Research Paper Volume 12, Issue 24 pp 26095—26120

Identification and validation of an immune-related gene signature predictive of overall survival in colon cancer

Xuening Zhang1, *, , Hao Zhao1, *, , Xuezhong Shi1, , Xiaocan Jia2, , Yongli Yang1, ,

  • 1 Department of Epidemiology and Biostatistics, College of Public Health, Zhengzhou University, Zhengzhou 450001, Henan, China
  • 2 Zhengzhou University Library, Zhengzhou University, Zhengzhou 450001, Henan, China
* Equal contribution

Received: September 21, 2020       Accepted: November 10, 2020       Published: December 19, 2020      

https://doi.org/10.18632/aging.202317
How to Cite

Copyright: © 2020 Zhang et al. This is an open access article distributed under the terms of the Creative Commons Attribution License (CC BY 3.0), which permits unrestricted use, distribution, and reproduction in any medium, provided the original author and source are credited.

Abstract

The heterogeneity and complexity of tumor-immune microenvironments lead to diverse immunotherapy effects among colon cancer patients.
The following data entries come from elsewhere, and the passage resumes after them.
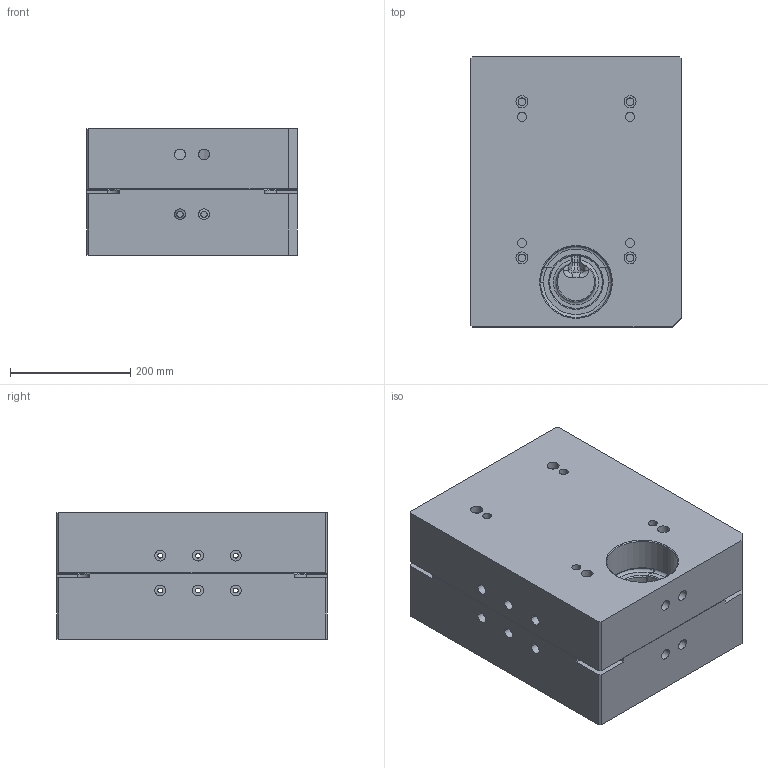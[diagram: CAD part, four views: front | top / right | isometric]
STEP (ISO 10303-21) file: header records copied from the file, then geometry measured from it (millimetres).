
FILE_DESCRIPTION((''),'2;1');
FILE_NAME('MFG0001_ASM','2018-05-29T',('Administrator'),(''),'CREO PARAMETRIC BY PTC INC, 2014190','CREO PARAMETRIC BY PTC INC, 2014190','');
FILE_SCHEMA(('CONFIG_CONTROL_DESIGN'));
Length unit declared in the file: millimetre
Products named in the file (7): 1; MOLD_VOL_1; MOLD_VOL_2; B; A; FLZ; MFG0001_ASM
Assembly tree (6 placements, depth 2):
  MFG0001_ASM
    1
    MOLD_VOL_1
    MOLD_VOL_2
    B
    A
    FLZ
Bounding box: 350 x 450 x 210.2 mm (x, y, z)
Volume: 31287273.8 mm3; surface area: 1659615.2 mm2
Topology: 5 solids, 5 shells, 1036 faces, 2727 edges, 1734 vertices
Faces by surface type: plane 366, cylinder 358, bspline 142, cone 124, torus 46
Entity records: 37044 total; most frequent: CARTESIAN_POINT 11156, ORIENTED_EDGE 5454, DIRECTION 5402, EDGE_CURVE 2727, AXIS2_PLACEMENT_3D 2038, VERTEX_POINT 1734, VECTOR 1326, LINE 1326

It is crucial to identify immune microenvironment-related biomarkers and construct prognostic risk models. In this study, the immune and stromal scores of 415 cases from TCGA were calculated using the ESTIMATE algorithm. AXIN2, CCL22, CLEC10A, CRIP2, RUNX3, and TRPM5 were screened and established a prognostic immune-related gene (IRG) signature using by univariate, LASSO, and multivariate Cox regression models. The predicted performance of IRG signature was external validated by GSE39582 (n=519). Stratified survival analysis showed IRG signature was an effective predictor of survival in patients with different clinical characteristics. The protein expression level of six genes was validated by immunohistochemistry analysis. Difference analysis indicated the mutation rate, immune cell of resting NK cells and regulatory T cells infiltration and four immune checkpoints of PD-1, PD-L1, LAG3 and VSIR expression levels in the high-risk group were significantly higher than those in the low-risk group. A nomogram incorporating the gene signatures and clinical factors was demonstrated had a good accuracy (1-, 3-, and 5-year AUC= 0.799, 0.791, 0.738). Our study identified a novel IRG signature, which may provide some references for the clinical precision immunotherapy of patients.

Abbreviations

PD-1: programmed cell death 1; cytotoxic T-lymphocyte antigen-4: CTLA-4; TME: tumor microenvironment; Estimation of Stromal and Immune cells in Malignant Tumor tissues using Expression data: ESTIMATE; TMB: tumor mutation burden; Cell type Identification by Estimating Relative Subpopulations of RNA Transcription: CIBERSORT; IRG: immune-related genes; TCGA: The Cancer Genome Atlas; FPKM: Fragments per kilobase million; GDC: Genomic Data Commons; TPM: transcripts per million; GEO: Gene Expression Omnibus; OS: overall survival; FDR: false-discovery rate; DEGs: differentially expressed genes; GO: Gene Ontology; KEGG: Kyoto Encyclopedia of Genes and Genomes; BP: biological process; CC: cellular component; MF: molecular function; LASSO: least absolute shrinkage and selection operator; AUC: area under time-dependent receiver operating characteristic curve; IHC: immunohistochemistry; HPA: Human Protein Atlas; PD-L1: programmed cell death 1 ligand 1; LAG3: lymphocyte-activation gene 3; VSIR: V-Set immunoregulatory receptor.